Jill Brooke fez uma longa pesquisa histórica e descobriu que muitos
personagens que hoje são lembrados como líderes, vencedores, revolucionários
e inovadores tiveram em comum o fato de enfrentar a morte de um ou dos dois pais
ainda na infância.''Reagir com bravura diante do inevitável é um traço de
caráter muito interessante.Para muitas personalidades pode ter sido essa a
alavanca que as impulsionou em busca da glória e das grandes realizações'',
diz Brooke.Ela encontrou esse tipo de atitude em personagens que vão do
conquistador macedônico Alexandre, o Grande(356-323 a.C.) ao ex-beatle Paul
McCartney. Rastreou a marca da tragédia seguida de uma vida intensa e
competitiva no filósofo Francis Bacon(1561-1626) e em guerreiros como Napoleão
Bonaparte e Simon Bolívar, nas primeiras-damas dominadoras Eleanor Roosevelt e
Eva Perón e em homens públicos movidos pela ambição, como o ex-presidente
americano Bill Clinton e o magnata da imprensa Rupert Murdoch.''Perder o pai ou
a mãe na infância, felizmente, é uma experiência rara mesmo em tempos de
guerra'', constatou a autora. A taxa média nas sociedades ocidentais é de 15
%. Nas grandes guerras do século passado, as vítimas militares eram jovens que
em sua maioria ainda não tinham tido tempo de ser pais. Como o evento é raro,
sustenta ela, acaba deixando marcas indeléveis na personalidade de quem passa
por ele. ''Não entendo como em nenhum livro sobre Abraham Lincoln os
historiadores dão à orfandade o peso que ela teve na formação da
personalidade do maior presidente americano. Ora, a primeira linha de sua
autobiografia diz:''Nasci no Kentucky.Minha mãe morreu quando eu tinha 9
anos'', observa Jill Brooke.
Obviamente,quando se estuda a vida dos grandes homens, é fácil encontrar
paralelos. Vidas extraordinárias já foram agrupadas pelas mais distintas
características que tiveram em comum. Das mais singelas - o sujeito era destro
ou canhoto, por exemplo - às mais complexas, como os estudos que agrupam os
grandes homens pela sua condição de adúltero ou pela preferência
sexual. Um pesquisador americano famoso, Frank Sulloway, chegou a sugerir há
alguns anos que até a ordem de nascimento seria decisiva na formação do tipo
de personalidade de cada um.

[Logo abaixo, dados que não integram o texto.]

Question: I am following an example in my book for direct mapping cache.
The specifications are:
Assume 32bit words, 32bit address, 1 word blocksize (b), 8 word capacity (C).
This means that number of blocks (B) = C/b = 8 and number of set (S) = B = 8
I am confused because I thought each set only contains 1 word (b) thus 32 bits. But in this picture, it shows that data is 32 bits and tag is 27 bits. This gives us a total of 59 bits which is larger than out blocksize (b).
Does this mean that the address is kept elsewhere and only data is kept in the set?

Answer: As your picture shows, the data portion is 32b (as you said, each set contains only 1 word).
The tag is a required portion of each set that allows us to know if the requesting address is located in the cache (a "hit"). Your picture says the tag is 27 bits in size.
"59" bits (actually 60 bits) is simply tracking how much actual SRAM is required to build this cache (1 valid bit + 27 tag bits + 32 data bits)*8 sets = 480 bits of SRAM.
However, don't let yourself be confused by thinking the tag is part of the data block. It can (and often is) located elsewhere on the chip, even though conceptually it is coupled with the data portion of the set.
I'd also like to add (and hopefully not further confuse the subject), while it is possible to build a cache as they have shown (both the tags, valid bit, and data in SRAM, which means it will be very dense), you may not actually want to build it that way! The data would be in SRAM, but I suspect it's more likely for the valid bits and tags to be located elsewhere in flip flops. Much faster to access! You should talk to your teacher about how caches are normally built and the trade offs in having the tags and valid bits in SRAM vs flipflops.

Sulloway sustenta que primogênitos ou filhos
únicos tendem a ser mais conservadores e obedientes. Os caçulas e os filhos do
meio seriam propensos a levar a vida menos a sério. O mérito de Jill Brooke é
não ter mirado uma explicação global para o fenômeno da personalidade
baseando-se no trauma da morte de parentes. Ela diz apenas que a morte de um pai
é uma variável quase tão significativa quanto a educação, a classe social
ou a religião na qual uma pessoa foi criada. ''Crianças órfãs são forçadas
a ser muito mais introspectivas e a examinar os mistérios da vida trazidos pela
morte num período da vida em que seus colegas lidam apenas com as questões
mais brandas, típicas da idade'', diz Brooke. Ela concluiu que nem sempre essas
experiências são prejudiciais. Ao contrário ''a capacidade de tolerância e
resistências dessas crianças é enorme e suas perspectivas de vida
tendem a ser mais amplas que as das pessoas que nunca passaram por dores
ou tristezas profundas'', explica a autora.

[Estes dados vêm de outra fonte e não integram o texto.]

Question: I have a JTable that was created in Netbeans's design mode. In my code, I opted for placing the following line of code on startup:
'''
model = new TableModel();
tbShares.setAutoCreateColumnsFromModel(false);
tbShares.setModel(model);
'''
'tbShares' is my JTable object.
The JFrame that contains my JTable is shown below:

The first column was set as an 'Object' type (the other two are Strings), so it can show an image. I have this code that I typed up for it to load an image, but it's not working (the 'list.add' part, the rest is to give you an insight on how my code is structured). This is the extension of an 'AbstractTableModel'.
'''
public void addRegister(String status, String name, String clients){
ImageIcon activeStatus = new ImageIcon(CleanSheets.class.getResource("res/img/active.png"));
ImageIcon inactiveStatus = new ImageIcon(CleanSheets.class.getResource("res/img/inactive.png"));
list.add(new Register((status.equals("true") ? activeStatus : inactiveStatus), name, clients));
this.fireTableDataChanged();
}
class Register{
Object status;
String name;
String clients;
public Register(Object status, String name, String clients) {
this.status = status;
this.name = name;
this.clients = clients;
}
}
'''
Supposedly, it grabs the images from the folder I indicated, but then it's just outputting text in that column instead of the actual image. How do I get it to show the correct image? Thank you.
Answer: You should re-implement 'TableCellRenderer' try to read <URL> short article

Uma pesquisa da Universidade Columbia sugere que as crianças que passaram
pelo trauma da morte de parentes próximos podem ser classificados em dois
grupos. No primeiro, ficam as que realmente se vergam ao peso da dor. Elas se
entregam. Suas frágeis estruturas emocionais são destruídas pela fatalidade e
elas nunca se tornam adultos normais. Num segundo grupo estão aquelas que a
experiência da morte ao seu redor imuniza para as dificuldades da vida,
tornando-as mais equipadas para perseguir objetivos extraordinários para o bem
ou para o mal. Brooke lembra que os ditadores Adolf Hitler, Josef Stalin
ou o sérvio Slobodan Milosevic, que teve pai e mãe suicidas, foram órfãos
que poderiam ser classificados num terceiro grupo - dos que se deixaram consumir
pela amargura da perda e, por isso, tornaram-se frios e indiferentes ao
sofrimento dos outros. ''Não podemos generalizar, mas
experiências-padrão na infância geram um tipo de comportamento no
futuro que podemos agora começar a entender'', diz ela.''Uma das
conseqüências mais comuns para essa criança é o fato de desenvolverem mais
aguçadamente do que outras o raciocínio abstrato''.

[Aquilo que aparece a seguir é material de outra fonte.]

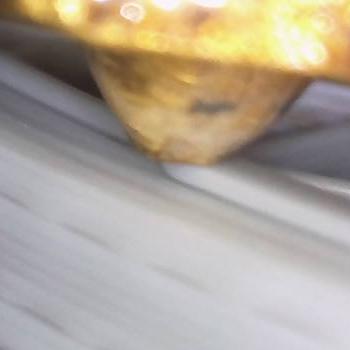
Flow rate: 100%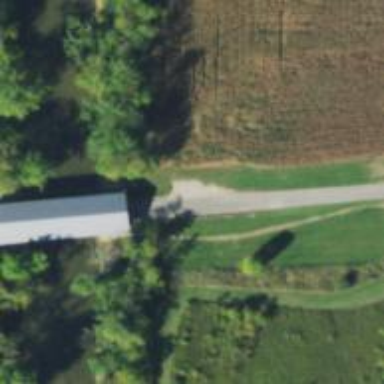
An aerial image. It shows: Covered bridge over unclassified road.
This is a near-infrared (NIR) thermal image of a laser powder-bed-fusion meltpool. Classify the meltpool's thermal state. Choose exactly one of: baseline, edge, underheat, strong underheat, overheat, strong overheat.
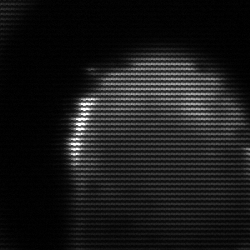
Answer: edge

Abstraindo o ambiente social e o período histórico dos personagens cuja
biografia estudou, Jill Brooke encontrou em diversos artistas órfãos a mesma
obsessão pelo ente querido perdido. Quando a mãe de Paul McCartney morreu, o
pai deu-lhe um violão para tentar aliviar seu sofrimento. Mais tarde ele
compôs a famosa canção Let it Be, em que a mãe é personagem sempre
presente lhe trazendo proteção e sabedoria. No caso de John Lennon, que
também perdeu a mãe muito cedo, as letras de suas músicas foram chamuscadas
pela raiva e pela revolta pelo isolamento. Mas o motivo, segundo Brooke é
outro. Lennon foi abandonado pela mãe e criado pelos tios. Outro exemplo de
grandeza motivada em parte pelo amor à mãe perdida na infância é o escultor
e pintor italiano Michelangelo, autor de obras eternas, como o teto da Capela
Sistina e a escultura de Davi, em Florença.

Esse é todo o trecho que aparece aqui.